Attempt: If we denote $Y_n=(1+X_1)(1+\frac{X_2}{2})...(1+\frac{X_n}{n})$ then it is well known that $(Y_n)$ is a martingale. Since it is non negative we conclude from the martingale convergence theorem that it must converge almost surely to a finite limit. So the only question is: is the limit almost surely in $(0,\infty)$ or it might be $0$ with a positive probability?
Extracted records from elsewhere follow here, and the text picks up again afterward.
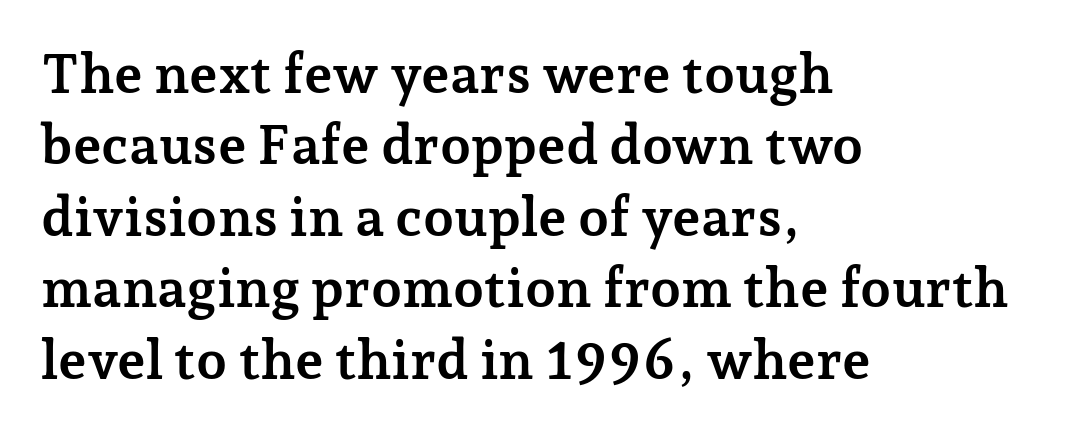
{"serif": "yes", "italic": "no", "bold": "yes", "weight": "semibold", "width": "normal", "stroke_contrast": "low", "x_height": "medium", "monospaced": "no", "underline": "no", "align": "left", "line_spacing": "normal", "line_spacing_ratio": 1.3, "letter_spacing": "normal", "letter_spacing_em": 0.0, "glyph_px": 55}
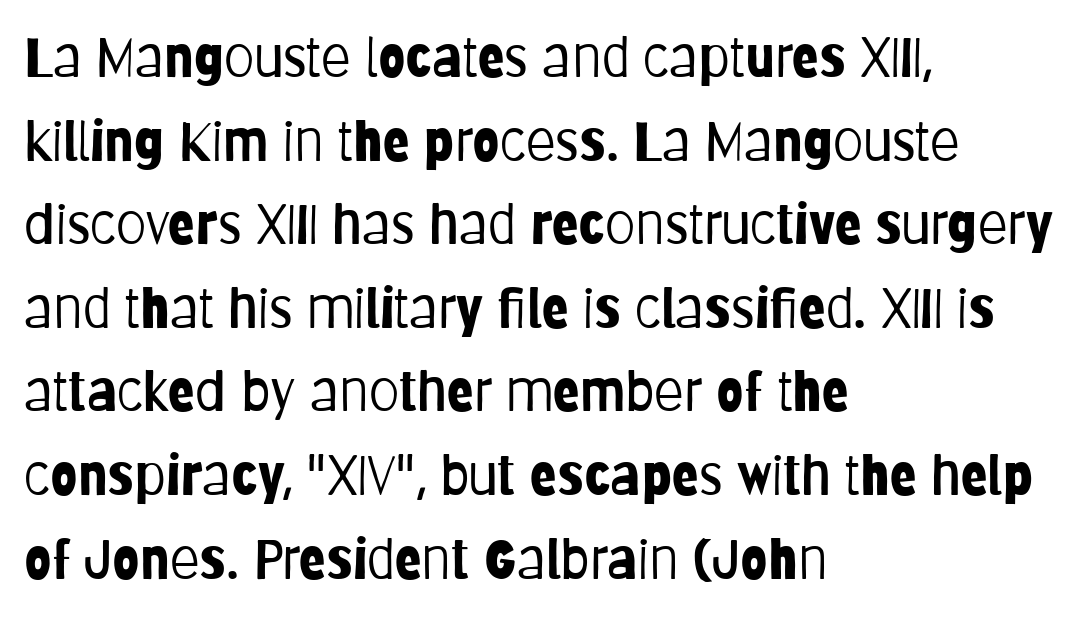
{"serif": "no", "italic": "no", "bold": "no", "weight": "light", "width": "condensed", "stroke_contrast": "low", "x_height": "large", "monospaced": "no", "underline": "no", "align": "left", "line_spacing": "normal", "line_spacing_ratio": 1.52, "letter_spacing": "normal", "letter_spacing_em": 0.0, "glyph_px": 55}
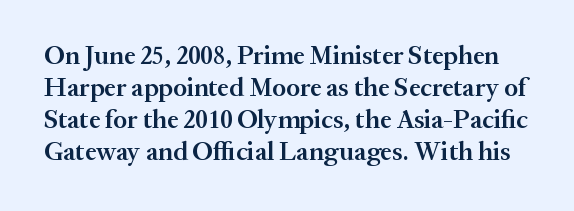
The image shows 26 px text type, upright; set line spacing 1.23x, normal letter spacing, not underlined.
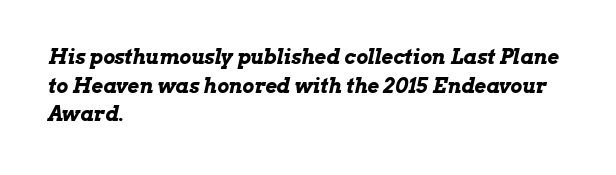
{"italic": "yes", "lean": "right", "slant_degrees": 13, "bold": "yes", "underline": "no", "align": "left", "line_spacing": "normal", "line_spacing_ratio": 1.43, "letter_spacing": "normal", "letter_spacing_em": 0.0, "glyph_px": 20}
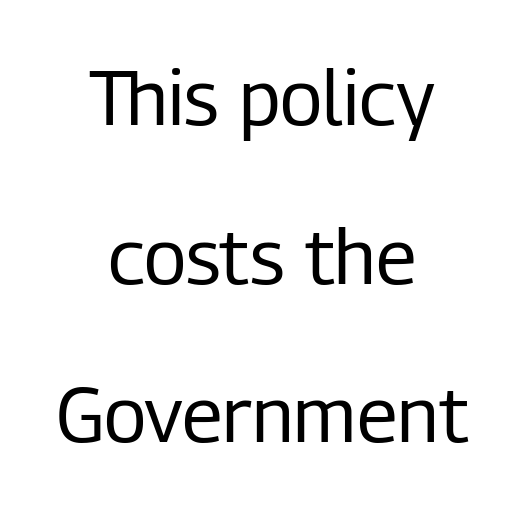
The image shows 77 px regular-weight, condensed sans-serif type, upright; set centered, loose line spacing (2.06x), normal letter spacing, not underlined; low stroke contrast and a medium x-height.
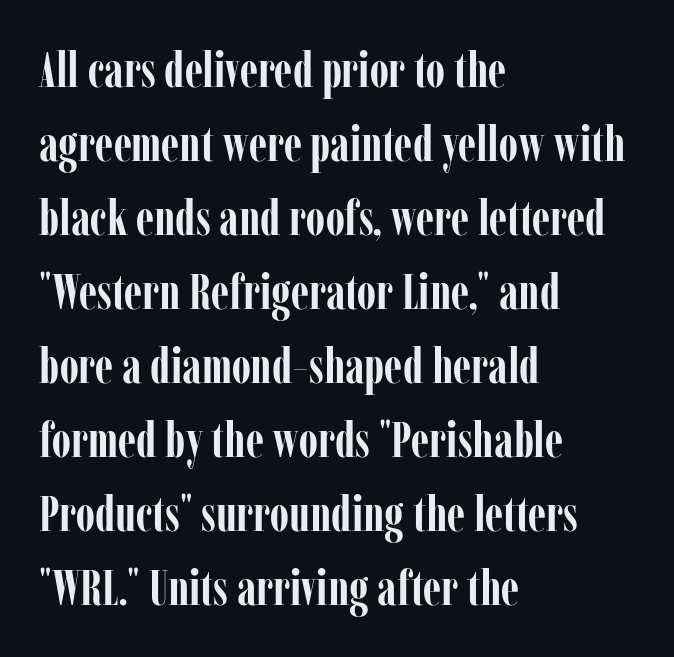
{"serif": "yes", "italic": "no", "bold": "yes", "weight": "semibold", "width": "condensed", "stroke_contrast": "low", "x_height": "medium", "monospaced": "no", "underline": "no", "align": "left", "line_spacing": "normal", "line_spacing_ratio": 1.48, "letter_spacing": "normal", "letter_spacing_em": 0.0, "glyph_px": 50}
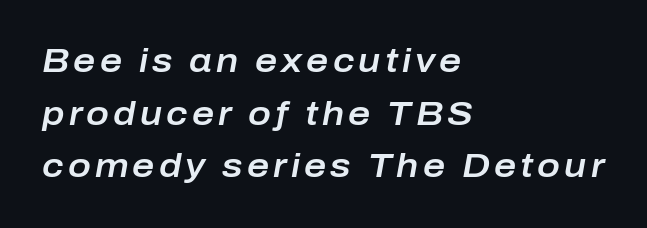
Q: Is the text italic (slanted)? A: Yes, it leans right by about 10 degrees.
Q: Is the text underlined? A: No.
Q: How is the paragraph aligned? A: Left-aligned.
Q: Is the spacing between lines tight, normal or loose? A: Normal.
Q: Width (condensed, normal, or wide)? A: Normal.
Q: Stroke contrast? A: Low.
Q: x-height? A: Medium.
Q: Monospaced? A: No.
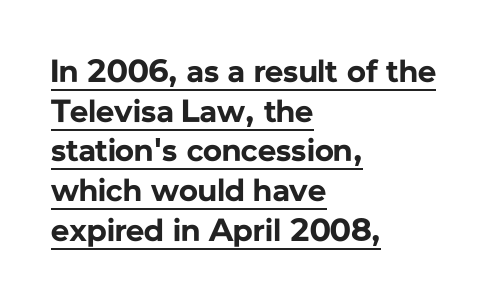
The image shows 32 px bold sans-serif type, upright; set left-aligned, line spacing 1.24x, normal letter spacing, underlined; low stroke contrast and a medium x-height.
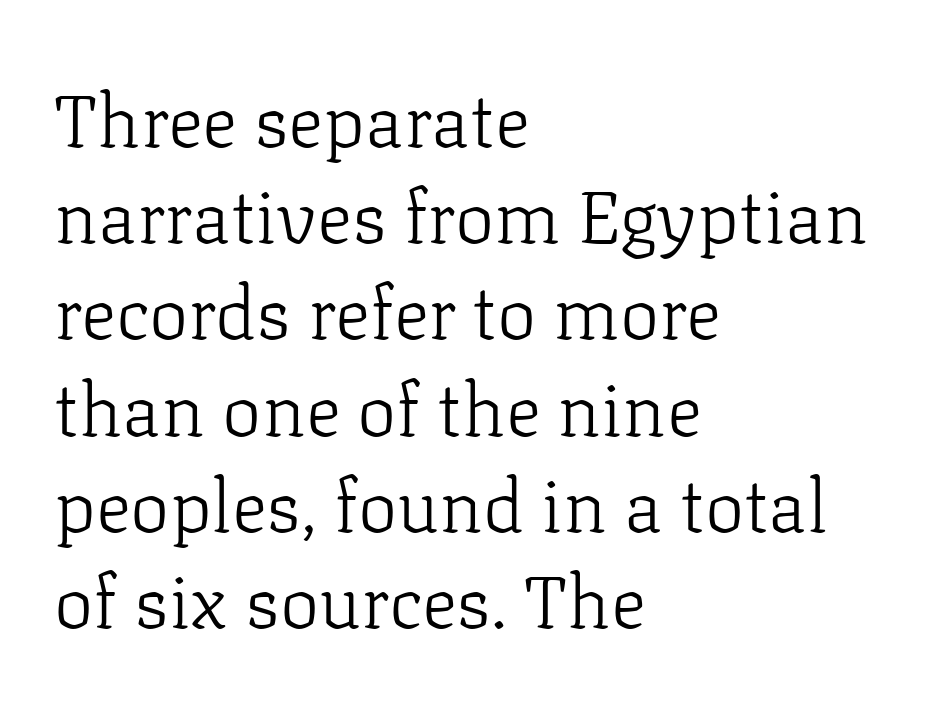
{"serif": "yes", "italic": "no", "bold": "no", "weight": "light", "width": "normal", "stroke_contrast": "low", "x_height": "medium", "monospaced": "no", "underline": "no", "align": "left", "line_spacing": "normal", "line_spacing_ratio": 1.3, "letter_spacing": "normal", "letter_spacing_em": 0.0, "glyph_px": 74}
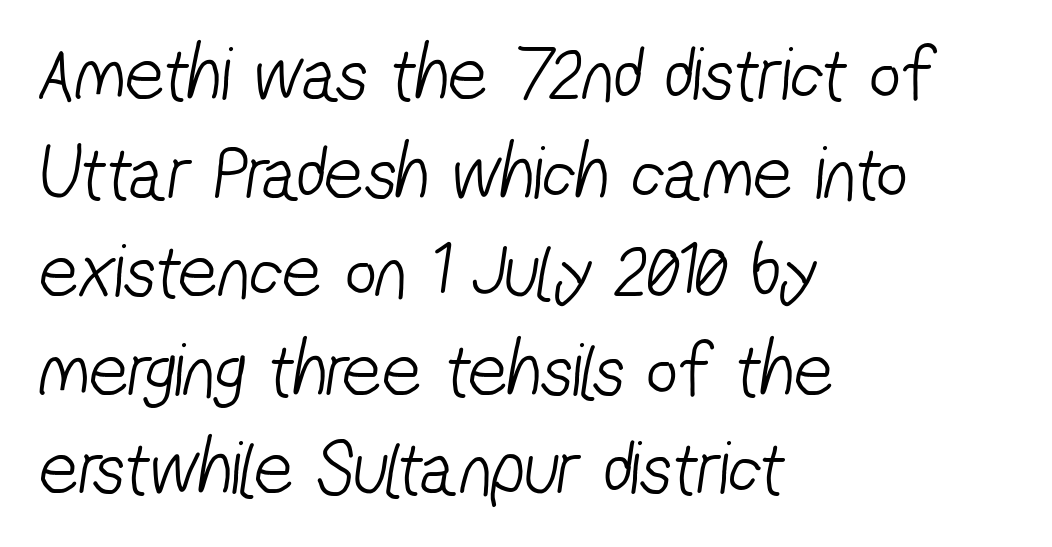
{"serif": "no", "bold": "no", "weight": "light", "width": "condensed", "stroke_contrast": "low", "x_height": "medium", "monospaced": "no", "underline": "no", "align": "left", "line_spacing": "normal", "line_spacing_ratio": 1.28, "letter_spacing": "normal", "letter_spacing_em": 0.0, "glyph_px": 77}
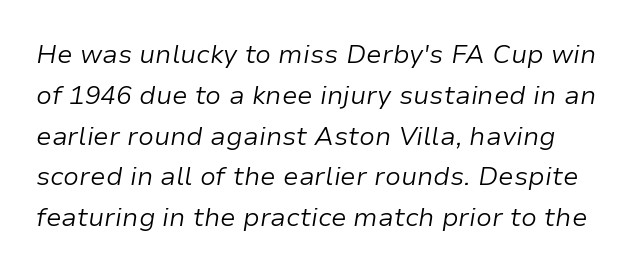
The image shows 26 px text type, italic (leaning right); set normal line spacing (1.57x), normal letter spacing, not underlined.
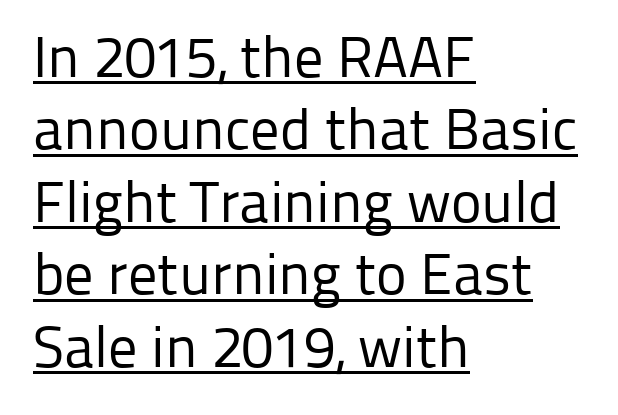
The image shows 58 px regular-weight sans-serif type, upright; set left-aligned, normal line spacing (1.25x), normal letter spacing, underlined; low stroke contrast and a medium x-height.
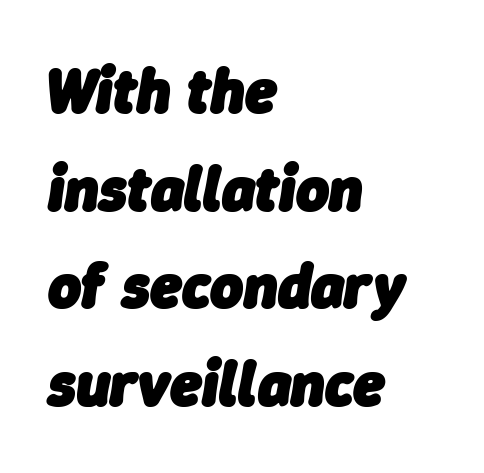
Q: Is the text bold? A: Yes.
Q: Is the text italic (slanted)? A: Yes, it leans right by about 9 degrees.
Q: Is the text underlined? A: No.
Q: How is the paragraph aligned? A: Left-aligned.
Q: Is the spacing between letters normal or unusually wide? A: Normal.
Q: Is the spacing between lines tight, normal or loose? A: Normal.
Q: Width (condensed, normal, or wide)? A: Normal.
Q: Stroke contrast? A: Low.
Q: x-height? A: Medium.
Q: Monospaced? A: No.
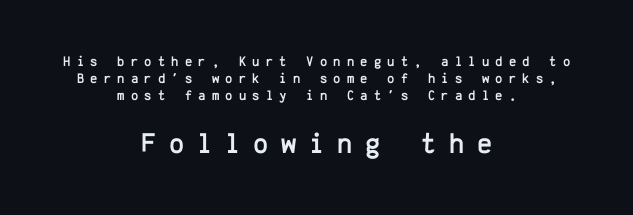
Q: Is the text italic (slanted)? A: No, it is upright.
Q: Is the typeface a serif or a sans-serif typeface? A: Sans-serif.
Q: Is the text underlined? A: No.
Q: How is the paragraph aligned? A: Centered.
Q: Is the spacing between letters normal or unusually wide? A: Unusually wide.
Q: Which block of text is set in a larger size, the first (top) or the second (bottom)? A: The second (bottom) one.
Q: Width (condensed, normal, or wide)? A: Normal.
Q: Stroke contrast? A: Low.
Q: x-height? A: Medium.
Q: Monospaced? A: Yes.
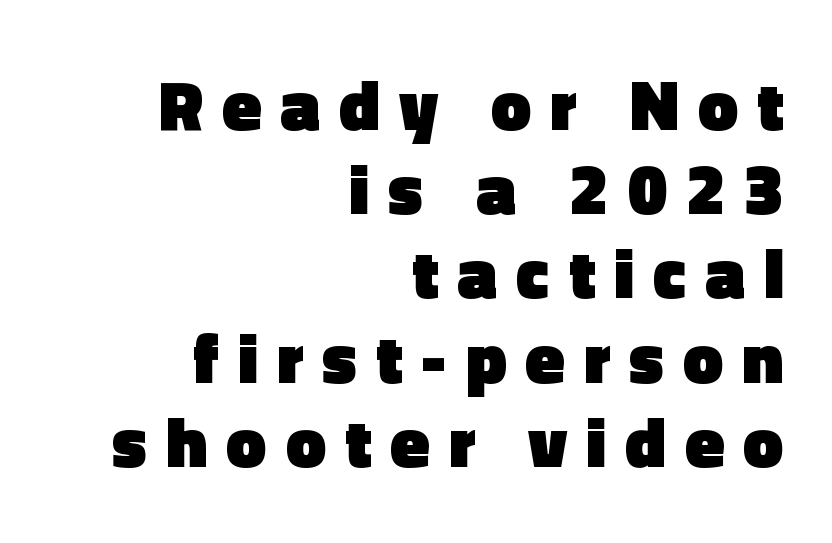
Every character sits straight up, as roman type does. Here the designer chose a conventional face with non-uniform glyph widths. In CSS terms this would be text-align: right. The face used here is a sans, in the tradition of grotesques and geometrics. Strong, thick strokes mark this as bold type. Unmarked baselines from the first word to the last.
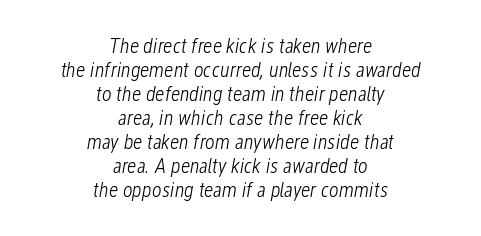
{"italic": "yes", "lean": "right", "slant_degrees": 12, "bold": "no", "underline": "no", "align": "center", "line_spacing": "tight", "line_spacing_ratio": 1.14, "letter_spacing": "normal", "letter_spacing_em": 0.0, "glyph_px": 21}
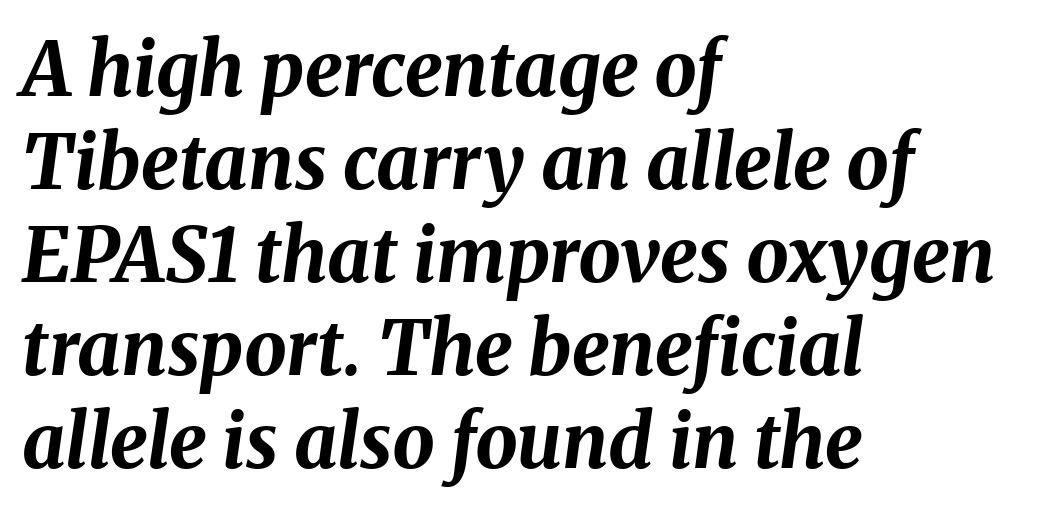
The words here are not underlined. Style check: oblique. Each glyph is drawn with heavy, bold strokes. The type is set solid horizontally, with unmodified tracking. This rendering uses left alignment, leaving the right contour irregular.
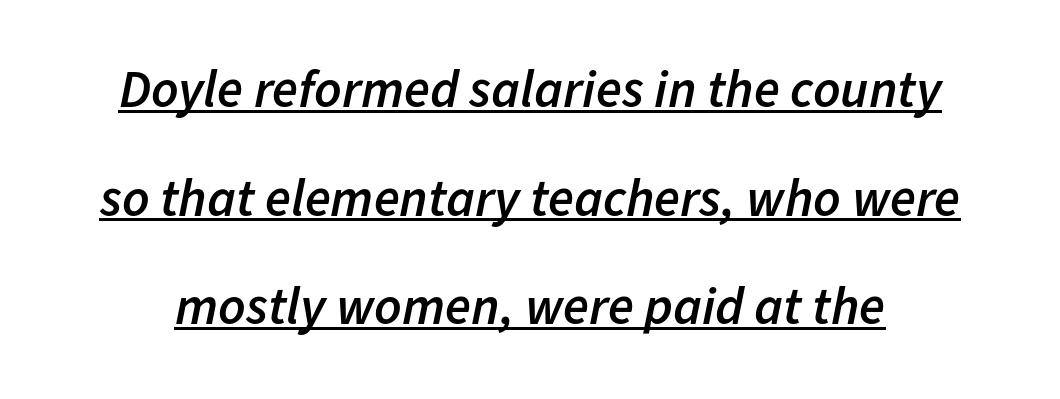
Q: Is the text bold? A: Semi-bold.
Q: Is the text italic (slanted)? A: Yes, it leans right by about 11 degrees.
Q: Is the text underlined? A: Yes.
Q: Is the spacing between letters normal or unusually wide? A: Normal.
Q: Is the spacing between lines tight, normal or loose? A: Loose.
Q: Width (condensed, normal, or wide)? A: Normal.
Q: Stroke contrast? A: Low.
Q: x-height? A: Medium.
Q: Monospaced? A: No.
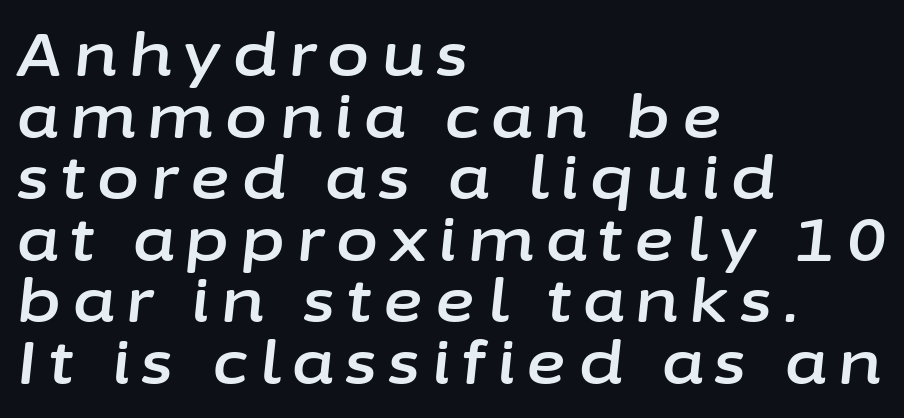
{"italic": "yes", "lean": "right", "slant_degrees": 6, "width": "normal", "stroke_contrast": "low", "x_height": "medium", "monospaced": "no", "underline": "no", "align": "left", "line_spacing": "tight", "line_spacing_ratio": 1.01, "letter_spacing": "wide", "letter_spacing_em": 0.2, "glyph_px": 61}
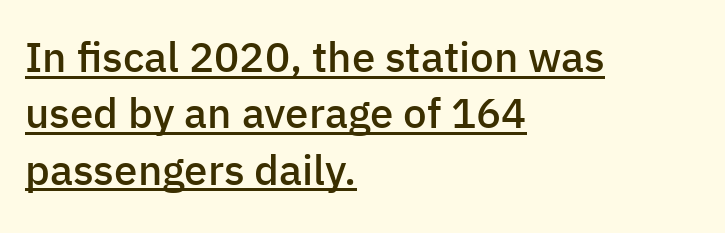
Reading down the column, the eye jumps a familiar distance to each next line. Varying glyph widths throughout — classic text-font behaviour. Observe the ordinary spacing: letters are neighbours, not strangers. You can tell from the bare stems that sans-serif type was used.
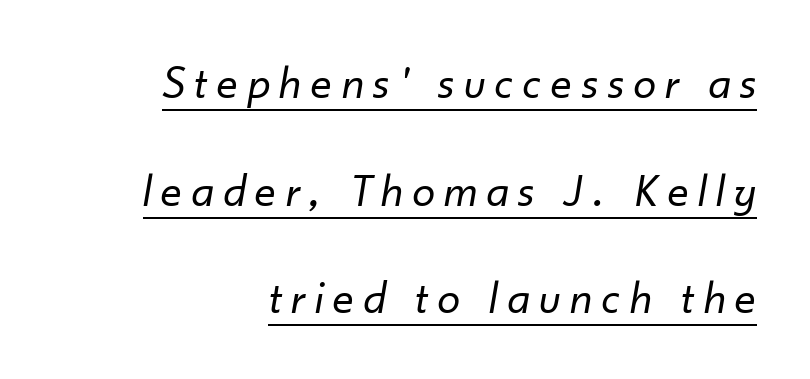
{"italic": "yes", "lean": "right", "slant_degrees": 10, "bold": "no", "weight": "regular", "width": "normal", "stroke_contrast": "low", "x_height": "small", "monospaced": "no", "underline": "yes", "align": "right", "line_spacing": "loose", "line_spacing_ratio": 2.34, "letter_spacing": "wide", "letter_spacing_em": 0.22, "glyph_px": 46}

The limit is zero if and only if (we can forget about the case when $X_1=-1$ because it happens with probability $0$) for each $n$ we have $\prod_{k=n}^\infty (1+\frac{X_k}{k})=0$. So the event $\{Y_n\to 0\}$ belongs to the tail sigma algebra of $(X_n)$ and by Kolmogorov's $0-1$ law its probability is either $0$ or $1$. So now I just need to check if the probability of the limit of $Y_n$ being zero is positive or not. I had an idea to show that if at a point $\omega$ we have $(1+X_1(\omega))...(1+\frac{X_n(\omega)}{n})\to 0$ then at this same point we have $(1-X_1(\omega))...(1-\frac{X_n(\omega)}{n})\to\infty$. Since $Z_n:=(1-X_1(\omega))...(1-\frac{X_n(\omega)}{n})$ is a non negative martingale it must converge to a finite limit almost surely as well. So if my idea was correct then we would get that the set of such points $\omega$ must have probability zero, hence that would imply that almost surely the limit of $Y_n$ is in $(0,\infty)$. However, I failed to prove that my idea was correct. Any ideas?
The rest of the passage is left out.